§ Work order
Line by line, set down the records below from the first line through the line containing "323.781L157.838 313.958C187.639 308.932". Omit the pictures.

# # # #

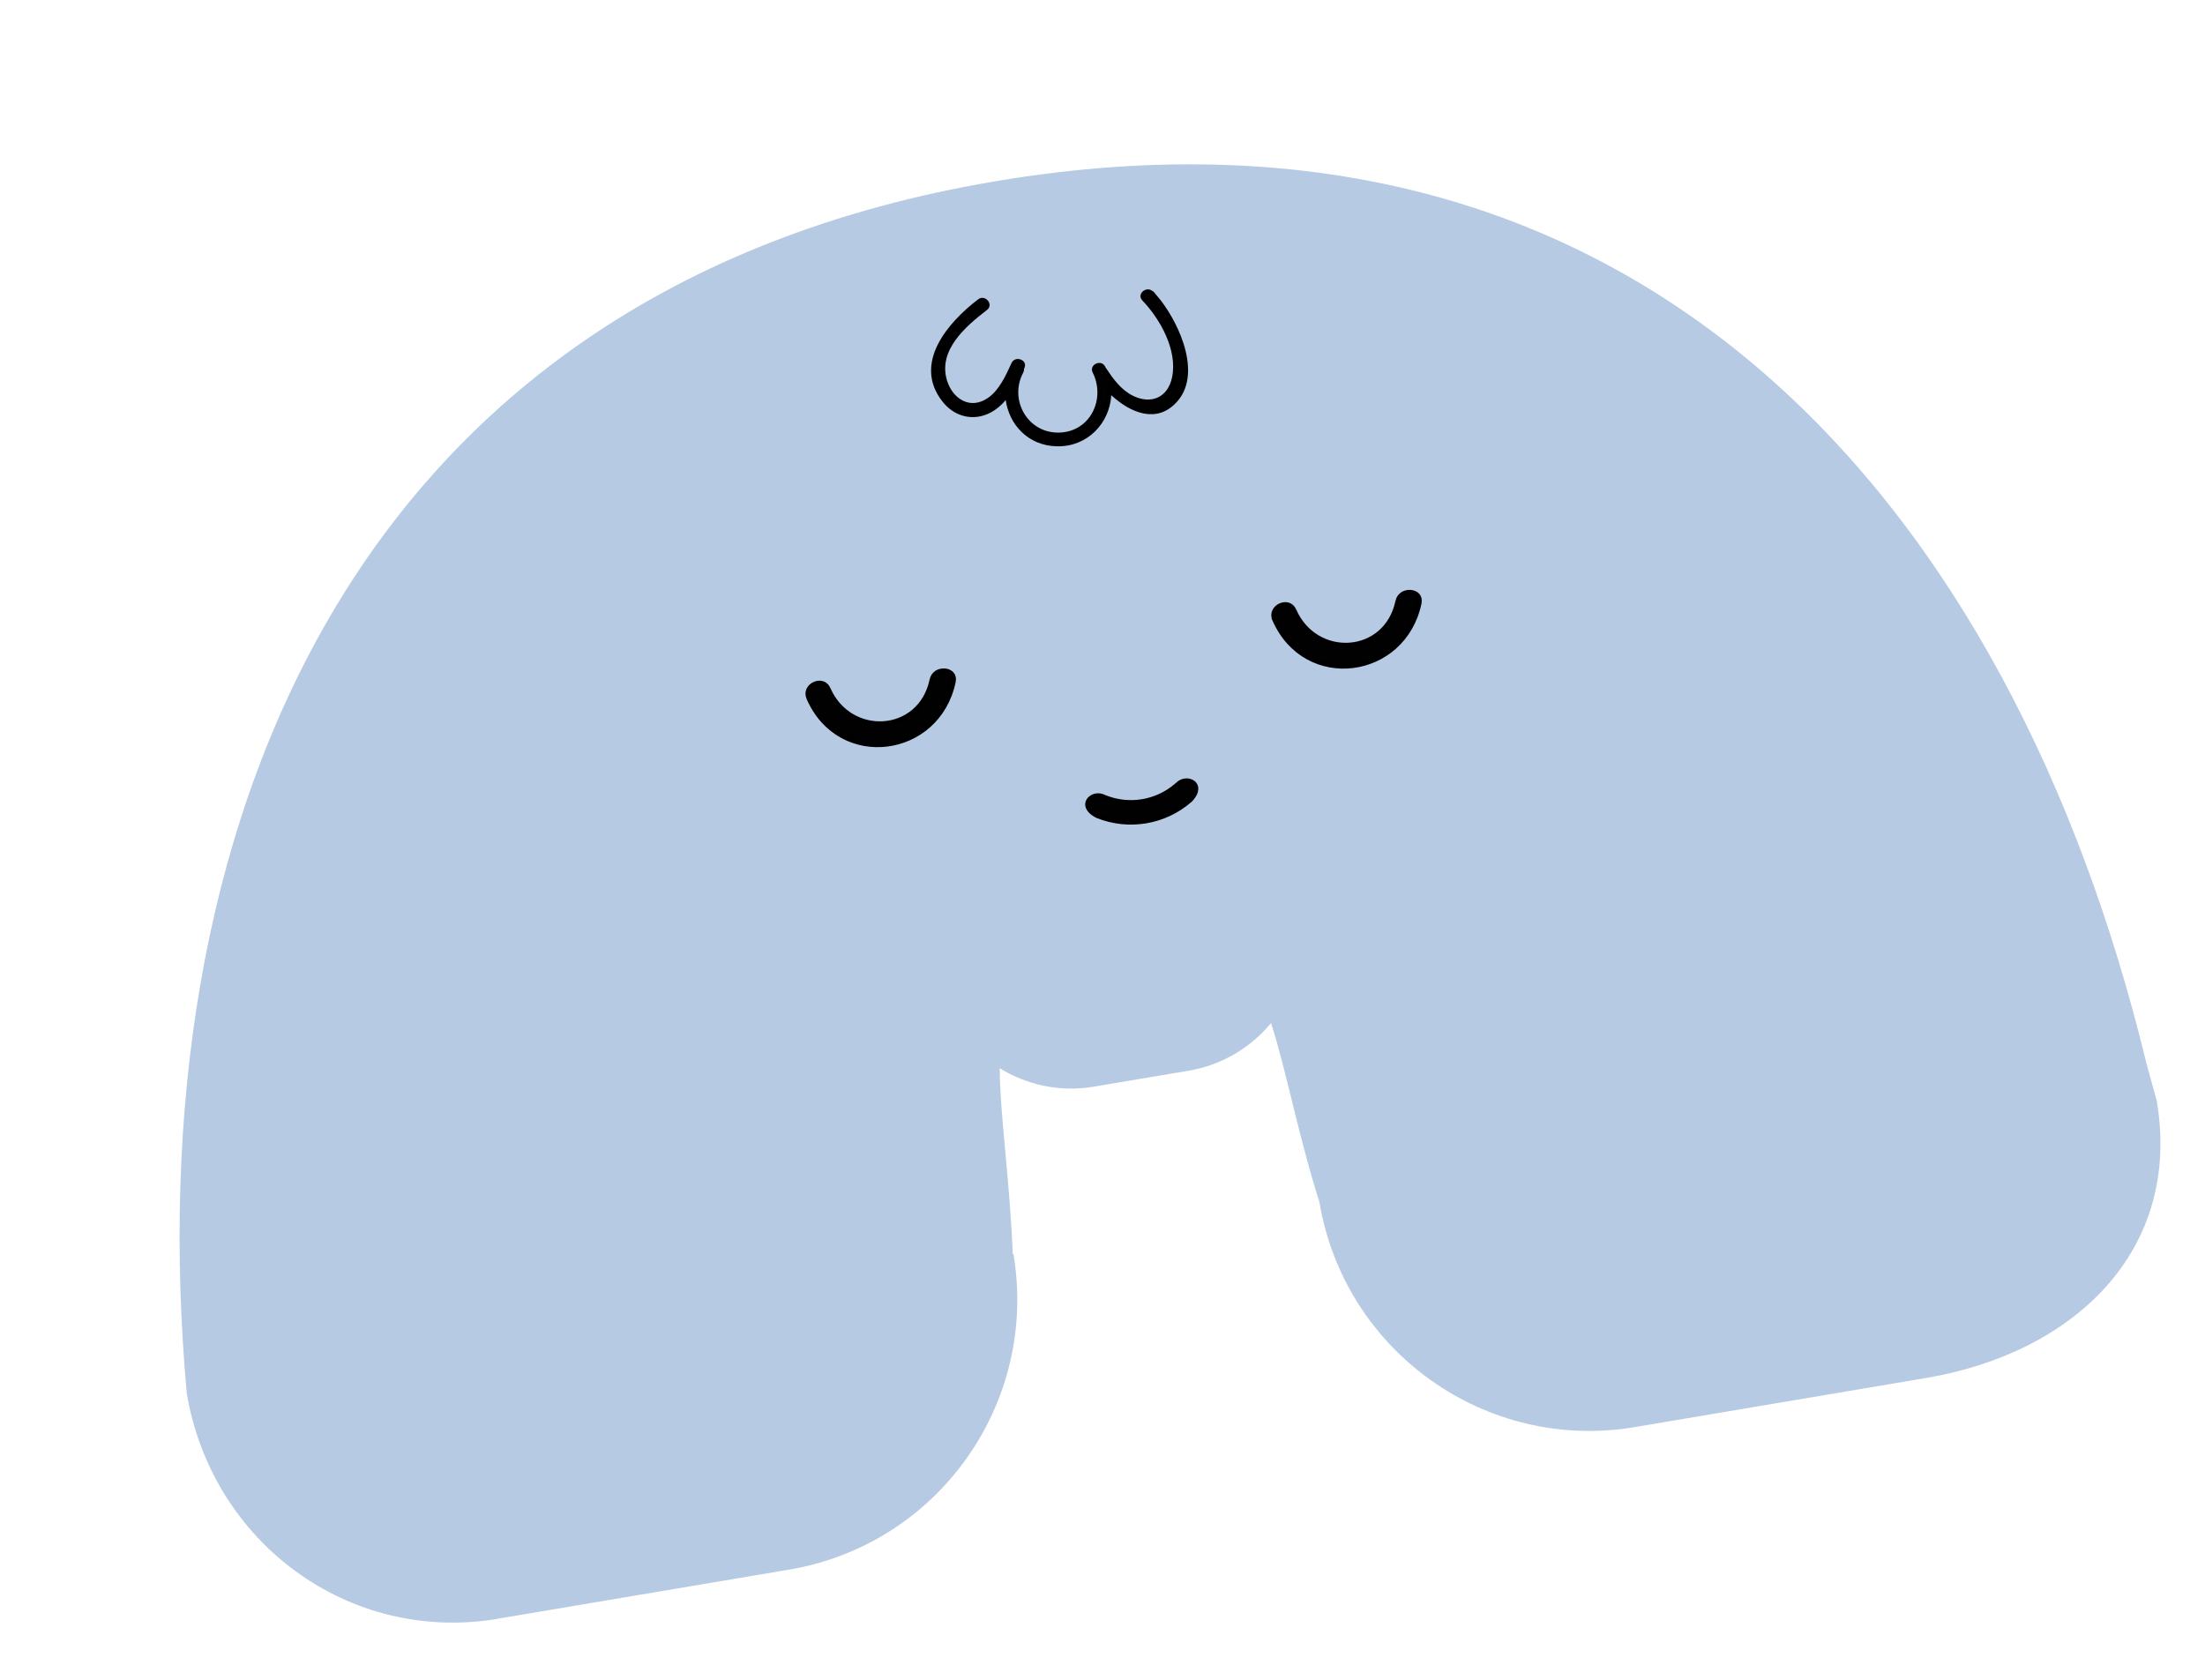 <svg width="441" height="336" viewBox="0 0 441 336" fill="none" xmlns="http://www.w3.org/2000/svg">
  <path d="M99.586 323.781L157.838 313.958C187.639 308.932 207.717 280.659 202.683 250.808L202.546 250.831C201.955 235.854 200.032 223.515 199.937 213.668C205.371 217.013 211.971 218.507 218.759 217.363L237.737 214.162C244.457 213.029 250.176 209.511 254.207 204.639C257.29 214.158 259.506 226.572 263.895 240.503C268.929 270.354 297.169 290.479 326.97 285.453L385.205 275.633C415.003 270.59 436.384 250.041 431.353 220.207L429.264 212.616C402.468 101.998 329.129 14.324 199.084 36.254C69.04 58.184 27.276 167.136 37.352 278.707C42.386 308.558 69.788 328.824 99.589 323.798L99.586 323.781Z" fill="#B6CAE3"/>
  <path d="M283.806 120.63L283.806 120.63C280.715 135.422 261.151 138.063 254.96 123.935L254.502 124.136L254.96 123.934C254.675 123.289 254.717 122.721 254.931 122.261C255.151 121.788 255.566 121.399 256.067 121.167C256.569 120.934 257.124 120.875 257.605 121.015C258.072 121.152 258.509 121.487 258.789 122.127L258.789 122.128C260.951 127.063 265.565 129.365 269.932 129.049C274.31 128.731 278.429 125.783 279.579 120.304L279.579 120.303C279.854 118.98 281.042 118.39 282.158 118.5C282.71 118.554 283.191 118.78 283.493 119.125C283.783 119.456 283.95 119.942 283.806 120.63Z" fill="#010101" stroke="black"/>
  <path d="M161.796 139.646L161.795 139.645C161.511 139 161.553 138.432 161.767 137.972C161.986 137.499 162.401 137.11 162.903 136.878C163.405 136.645 163.959 136.586 164.44 136.726C164.908 136.863 165.344 137.198 165.624 137.838L165.624 137.839C167.786 142.774 172.4 145.076 176.768 144.76C181.146 144.442 185.264 141.494 186.414 136.015L186.414 136.014C186.69 134.691 187.878 134.101 188.993 134.211C189.546 134.265 190.026 134.491 190.329 134.836C190.618 135.167 190.785 135.653 190.642 136.341L190.642 136.341C187.55 151.133 167.986 153.774 161.796 139.646Z" fill="#010101" stroke="black"/>
  <path d="M230.232 58.667L231.005 59.477L231.007 59.453C232.989 61.79 235.072 65.258 236.222 68.854C237.529 72.937 237.589 77.03 235.167 79.865L235.167 79.865C233.269 82.09 231.086 82.634 228.916 82.232C226.706 81.823 224.476 80.422 222.595 78.683L221.817 77.963L221.756 79.021C221.451 84.298 217.28 88.914 211.366 88.772L211.365 88.772C205.908 88.653 202.295 84.648 201.638 79.952L201.483 78.848L200.762 79.697C199.7 80.947 198.453 81.951 196.933 82.504L196.933 82.504C193.929 83.6 190.877 82.538 188.913 80.044L188.913 80.043C187.459 78.207 186.809 76.36 186.723 74.555C186.636 72.744 187.116 70.941 187.976 69.203C189.703 65.717 192.925 62.563 195.936 60.265C196.372 59.935 196.872 60.067 197.191 60.448C197.348 60.636 197.426 60.852 197.42 61.044C197.414 61.219 197.338 61.418 197.096 61.603L197.096 61.603C194.962 63.24 192.443 65.293 190.698 67.721C188.944 70.161 187.934 73.034 188.928 76.264C189.528 78.219 190.775 79.826 192.394 80.609C194.036 81.402 195.998 81.314 197.907 79.986L197.907 79.986C199.105 79.151 200.043 77.953 200.812 76.685C201.576 75.427 202.192 74.067 202.732 72.877L202.745 72.848L202.745 72.847C202.975 72.336 203.494 72.205 203.963 72.38C204.194 72.466 204.364 72.614 204.448 72.778C204.521 72.921 204.551 73.116 204.437 73.38C204.425 73.401 204.415 73.421 204.408 73.436C204.399 73.457 204.391 73.476 204.386 73.489L204.311 73.594L204.315 73.761C204.32 73.958 204.297 74.113 204.218 74.261C201.111 80.072 205.16 87.221 211.873 87.027L211.873 87.027C218.513 86.83 221.766 79.838 218.984 74.292C218.849 74.022 218.866 73.807 218.939 73.641C219.018 73.461 219.184 73.297 219.406 73.194C219.627 73.092 219.871 73.066 220.079 73.122C220.274 73.175 220.466 73.305 220.601 73.576L220.611 73.595L220.621 73.613C220.642 73.648 220.659 73.688 220.693 73.776L220.747 73.918L220.835 73.981C222.23 76.072 223.828 78.312 226.258 79.556L226.259 79.557C228.194 80.539 230.133 80.691 231.727 79.975C233.327 79.257 234.476 77.71 234.915 75.511C235.488 72.668 234.855 69.662 233.649 66.919C232.443 64.172 230.645 61.647 228.827 59.745L228.826 59.744C228.615 59.524 228.577 59.324 228.6 59.162C228.625 58.982 228.737 58.788 228.927 58.631C229.314 58.312 229.85 58.267 230.232 58.667Z" fill="#010101" stroke="black"/>
  <path d="M220.845 159.482L220.867 159.493L220.889 159.502C225.764 161.496 231.367 160.578 235.324 157.144L235.377 157.135L235.492 157.012C236.458 155.98 237.854 156.013 238.609 156.612C238.972 156.9 239.193 157.321 239.162 157.856C239.131 158.403 238.831 159.134 238.01 159.995C232.923 164.462 225.717 165.677 219.446 163.126C218.387 162.576 217.863 161.981 217.654 161.472C217.449 160.975 217.52 160.506 217.768 160.117C218.283 159.308 219.593 158.823 220.845 159.482Z" fill="#010101" stroke="black"/>
</svg>

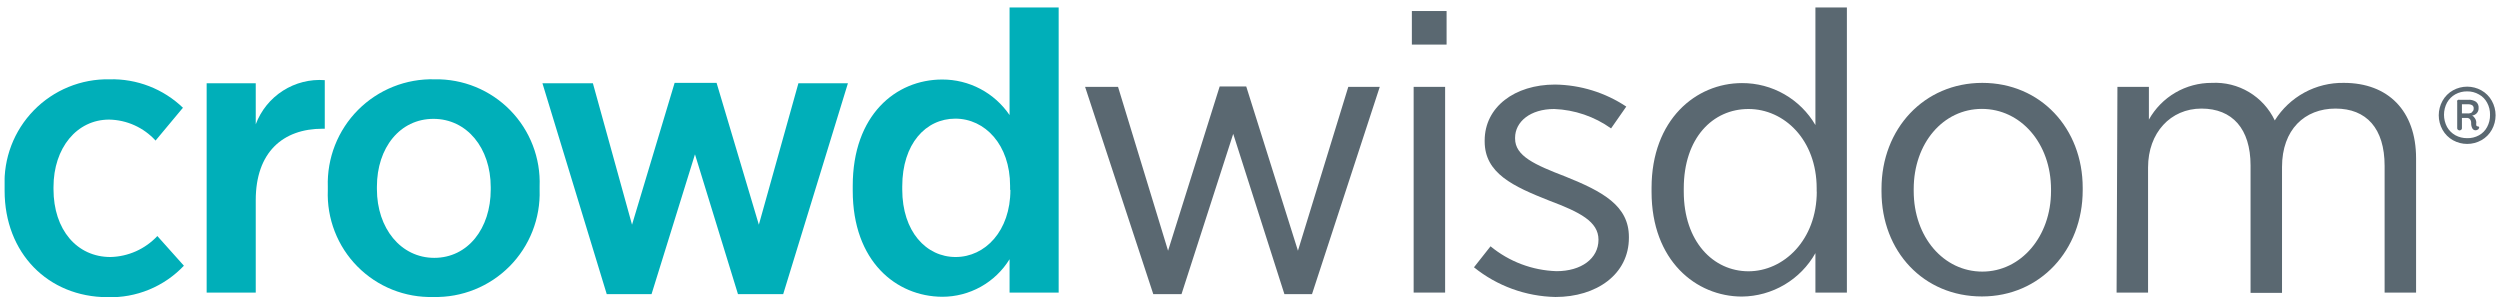 <?xml version="1.0" encoding="UTF-8"?>
<svg xmlns="http://www.w3.org/2000/svg" width="271" height="33" viewBox="0 0 271 33" fill="none">
  <g clip-path="url(#clip0_64_2463)">
    <path d="M0.5 20.674V20.241C0.435 18.718 0.682 17.197 1.226 15.773C1.771 14.348 2.602 13.051 3.667 11.96C4.733 10.869 6.01 10.008 7.421 9.429C8.832 8.851 10.347 8.568 11.871 8.597C13.336 8.559 14.794 8.811 16.16 9.34C17.526 9.869 18.774 10.664 19.831 11.679L16.863 15.238C16.223 14.536 15.445 13.972 14.579 13.581C13.713 13.19 12.776 12.98 11.826 12.964C8.346 12.964 5.799 16.011 5.799 20.287V20.503C5.799 24.915 8.346 27.86 11.974 27.86C12.93 27.838 13.871 27.625 14.744 27.235C15.617 26.844 16.403 26.284 17.057 25.586L19.934 28.804C18.871 29.926 17.583 30.81 16.154 31.398C14.725 31.986 13.188 32.264 11.644 32.215C5.208 32.193 0.5 27.439 0.5 20.674Z" fill="#00AFB9"></path>
    <path d="M22.401 9.029H27.723V13.476C28.284 11.976 29.317 10.698 30.666 9.835C32.015 8.972 33.608 8.569 35.205 8.688V13.953H34.978C30.645 13.953 27.723 16.523 27.723 21.697V31.715H22.401V9.029Z" fill="#00AFB9"></path>
    <path d="M35.535 20.628V20.241C35.485 18.704 35.75 17.172 36.313 15.74C36.877 14.308 37.728 13.007 38.813 11.916C39.899 10.826 41.196 9.969 42.625 9.398C44.054 8.827 45.584 8.555 47.122 8.597C48.644 8.57 50.154 8.853 51.562 9.43C52.97 10.007 54.245 10.865 55.31 11.952C56.374 13.039 57.206 14.332 57.753 15.751C58.301 17.171 58.553 18.687 58.494 20.207V20.583C58.544 22.112 58.281 23.636 57.721 25.06C57.162 26.485 56.318 27.78 55.241 28.867C54.163 29.953 52.876 30.809 51.456 31.381C50.037 31.953 48.516 32.229 46.986 32.193C45.461 32.236 43.943 31.965 42.527 31.398C41.11 30.831 39.825 29.978 38.752 28.894C37.678 27.81 36.839 26.517 36.286 25.095C35.732 23.673 35.477 22.153 35.535 20.628ZM53.195 20.549V20.287C53.195 16.045 50.613 12.884 46.986 12.884C43.358 12.884 40.857 16.011 40.857 20.241V20.503C40.857 24.744 43.449 27.951 47.077 27.951C50.704 27.951 53.195 24.779 53.195 20.549Z" fill="#00AFB9"></path>
    <path d="M58.801 9.029H64.27L68.512 24.358L73.129 8.984H77.677L82.26 24.358L86.547 9.029H91.914L84.898 31.886H79.997L75.335 16.728L70.627 31.886H65.771L58.801 9.029Z" fill="#00AFB9"></path>
    <path d="M92.437 20.674V20.139C92.437 12.475 97.099 8.62 102.137 8.62C103.576 8.616 104.995 8.965 106.268 9.637C107.54 10.309 108.629 11.284 109.437 12.475V0.808H114.759V31.715H109.437V28.099C108.669 29.345 107.595 30.373 106.317 31.086C105.039 31.798 103.6 32.172 102.137 32.17C97.156 32.147 92.437 28.338 92.437 20.674ZM109.494 20.582V20.139C109.494 15.681 106.765 12.861 103.558 12.861C100.351 12.861 97.804 15.591 97.804 20.207V20.548C97.804 25.097 100.397 27.86 103.592 27.86C106.787 27.86 109.528 25.04 109.528 20.582H109.494Z" fill="#00AFB9"></path>
    <path d="M117.624 9.416H121.195L126.619 27.178L132.214 9.37H135.091L140.697 27.178L146.155 9.416H149.566L142.221 31.886H139.23L133.681 14.51L128.075 31.886H125.016L117.624 9.416Z" fill="#5A6871"></path>
    <path d="M153.046 1.195H156.81V4.833H153.046V1.195ZM153.239 9.416H156.651V31.715H153.239V9.416Z" fill="#5A6871"></path>
    <path d="M159.778 28.975L161.574 26.7C163.595 28.365 166.11 29.313 168.727 29.395C171.411 29.395 173.276 28.031 173.276 25.984C173.276 24.017 171.251 22.993 167.954 21.754C164.042 20.207 160.938 18.797 160.938 15.329V15.238C160.938 11.599 164.19 9.166 168.568 9.166C171.318 9.202 173.999 10.031 176.289 11.554L174.64 13.919C172.835 12.632 170.692 11.901 168.477 11.815C165.884 11.815 164.235 13.191 164.235 14.943V15.022C164.235 16.91 166.35 17.854 169.694 19.139C173.742 20.765 176.573 22.3 176.573 25.688V25.768C176.573 29.759 173.037 32.193 168.613 32.193C165.393 32.13 162.285 30.998 159.778 28.975Z" fill="#5A6871"></path>
    <path d="M179.029 20.799V20.378C179.029 12.964 183.839 9.007 188.831 9.007C190.44 9 192.023 9.417 193.42 10.216C194.817 11.014 195.98 12.166 196.791 13.555V0.808H200.203V31.715H196.791V27.439C195.995 28.854 194.84 30.034 193.442 30.86C192.045 31.686 190.455 32.13 188.831 32.147C183.851 32.147 179.029 28.247 179.029 20.799ZM196.928 20.799V20.423C196.928 15.147 193.403 11.815 189.536 11.815C185.67 11.815 182.52 14.942 182.52 20.423V20.765C182.52 26.2 185.727 29.407 189.536 29.407C193.346 29.407 196.939 26.029 196.939 20.753L196.928 20.799Z" fill="#5A6871"></path>
    <path d="M203.955 20.753V20.457C203.955 13.953 208.572 8.984 214.883 8.984C221.194 8.984 225.765 13.908 225.765 20.355V20.617C225.765 27.121 221.148 32.136 214.837 32.136C208.526 32.136 203.955 27.269 203.955 20.753ZM222.331 20.753V20.537C222.331 15.522 219.033 11.804 214.837 11.804C210.641 11.804 207.446 15.522 207.446 20.491V20.708C207.446 25.711 210.698 29.441 214.883 29.441C219.068 29.441 222.331 25.643 222.331 20.719V20.753Z" fill="#5A6871"></path>
    <path d="M229.529 9.416H232.941V12.964C233.618 11.751 234.608 10.742 235.808 10.042C237.008 9.342 238.374 8.977 239.763 8.984C241.176 8.911 242.579 9.258 243.793 9.983C245.008 10.708 245.98 11.777 246.586 13.055C247.377 11.787 248.484 10.746 249.797 10.032C251.11 9.319 252.586 8.958 254.08 8.984C258.845 8.984 261.903 11.986 261.903 17.16V31.715H258.492V17.979C258.492 13.908 256.513 11.77 253.17 11.77C249.827 11.77 247.371 14.044 247.371 18.104V31.749H243.96V17.933C243.96 13.953 241.981 11.77 238.638 11.77C235.295 11.77 232.85 14.385 232.85 18.149V31.715H229.438L229.529 9.416Z" fill="#5A6871"></path>
    <path d="M268.976 9.791C269.454 10.057 269.848 10.451 270.113 10.928C270.381 11.408 270.522 11.948 270.522 12.498C270.522 13.047 270.381 13.587 270.113 14.067C269.848 14.544 269.454 14.938 268.976 15.204C268.507 15.465 267.978 15.602 267.441 15.602C266.904 15.602 266.376 15.465 265.906 15.204C265.428 14.938 265.035 14.544 264.769 14.067C264.501 13.587 264.36 13.047 264.36 12.498C264.36 11.948 264.501 11.408 264.769 10.928C265.035 10.451 265.428 10.057 265.906 9.791C266.376 9.53 266.904 9.393 267.441 9.393C267.978 9.393 268.507 9.53 268.976 9.791ZM268.715 14.669C269.093 14.464 269.401 14.152 269.602 13.771C269.82 13.366 269.93 12.912 269.92 12.452C269.932 11.992 269.823 11.537 269.602 11.133C269.401 10.752 269.093 10.44 268.715 10.235C268.327 10.013 267.888 9.899 267.441 9.905C266.992 9.898 266.55 10.008 266.156 10.223C265.78 10.435 265.469 10.745 265.258 11.122C265.042 11.528 264.929 11.981 264.929 12.441C264.929 12.901 265.042 13.354 265.258 13.76C265.469 14.136 265.78 14.447 266.156 14.658C266.55 14.874 266.992 14.983 267.441 14.976C267.885 14.99 268.325 14.884 268.715 14.669ZM268.715 13.862C268.716 13.9 268.706 13.938 268.685 13.97C268.665 14.003 268.636 14.028 268.601 14.044C268.517 14.101 268.418 14.129 268.317 14.124C268.25 14.117 268.185 14.094 268.13 14.057C268.074 14.019 268.029 13.968 267.998 13.908C267.908 13.732 267.865 13.536 267.873 13.339C267.881 13.197 267.841 13.057 267.76 12.941C267.718 12.888 267.664 12.846 267.603 12.819C267.541 12.791 267.474 12.778 267.407 12.782H266.873V13.919C266.871 13.948 266.863 13.976 266.85 14.002C266.836 14.028 266.817 14.05 266.793 14.067C266.742 14.11 266.678 14.134 266.611 14.135C266.548 14.133 266.488 14.109 266.44 14.067C266.417 14.05 266.398 14.028 266.384 14.002C266.37 13.976 266.362 13.948 266.361 13.919V11.042C266.343 10.998 266.343 10.949 266.361 10.906C266.384 10.868 266.418 10.839 266.459 10.822C266.5 10.806 266.546 10.803 266.588 10.815H267.532C267.836 10.79 268.14 10.866 268.396 11.031C268.497 11.112 268.576 11.216 268.625 11.336C268.675 11.455 268.694 11.585 268.681 11.713C268.69 11.911 268.624 12.105 268.495 12.255C268.366 12.405 268.184 12.5 267.987 12.52C268.114 12.6 268.219 12.709 268.294 12.839C268.382 12.974 268.429 13.132 268.43 13.294C268.413 13.395 268.413 13.499 268.43 13.601C268.444 13.626 268.464 13.649 268.488 13.667C268.511 13.684 268.538 13.697 268.567 13.703C268.59 13.697 268.614 13.697 268.637 13.703C268.66 13.709 268.681 13.72 268.699 13.735C268.717 13.751 268.731 13.771 268.739 13.793C268.748 13.815 268.751 13.838 268.749 13.862H268.715ZM267.941 12.156C268.008 12.117 268.062 12.06 268.098 11.992C268.134 11.924 268.151 11.847 268.146 11.77C268.155 11.7 268.145 11.63 268.117 11.566C268.089 11.502 268.044 11.447 267.987 11.406C267.841 11.327 267.675 11.292 267.509 11.304H266.873V12.293H267.43C267.619 12.317 267.812 12.277 267.976 12.179L267.941 12.156Z" fill="#5A6871"></path>
  </g>
  <defs>
    <clipPath id="clip0_64_2463">
      <rect width="270" height="31.385" fill="white" transform="translate(0.5 0.808)"></rect>
    </clipPath>
  </defs>
</svg>

# # # #

§ Completed exercise
 <svg width="441" height="336" viewBox="0 0 441 336" fill="none" xmlns="http://www.w3.org/2000/svg">
  <path d="M99.586 323.781L157.838 313.958C187.639 308.932 207.717 280.659 202.683 250.808L202.546 250.831C201.955 235.854 200.032 223.515 199.937 213.668C205.371 217.013 211.971 218.507 218.759 217.363L237.737 214.162C244.457 213.029 250.176 209.511 254.207 204.639C257.29 214.158 259.506 226.572 263.895 240.503C268.929 270.354 297.169 290.479 326.97 285.453L385.205 275.633C415.003 270.59 436.384 250.041 431.353 220.207L429.264 212.616C402.468 101.998 329.129 14.324 199.084 36.254C69.04 58.184 27.276 167.136 37.352 278.707C42.386 308.558 69.788 328.824 99.589 323.798L99.586 323.781Z" fill="#B6CAE3"/>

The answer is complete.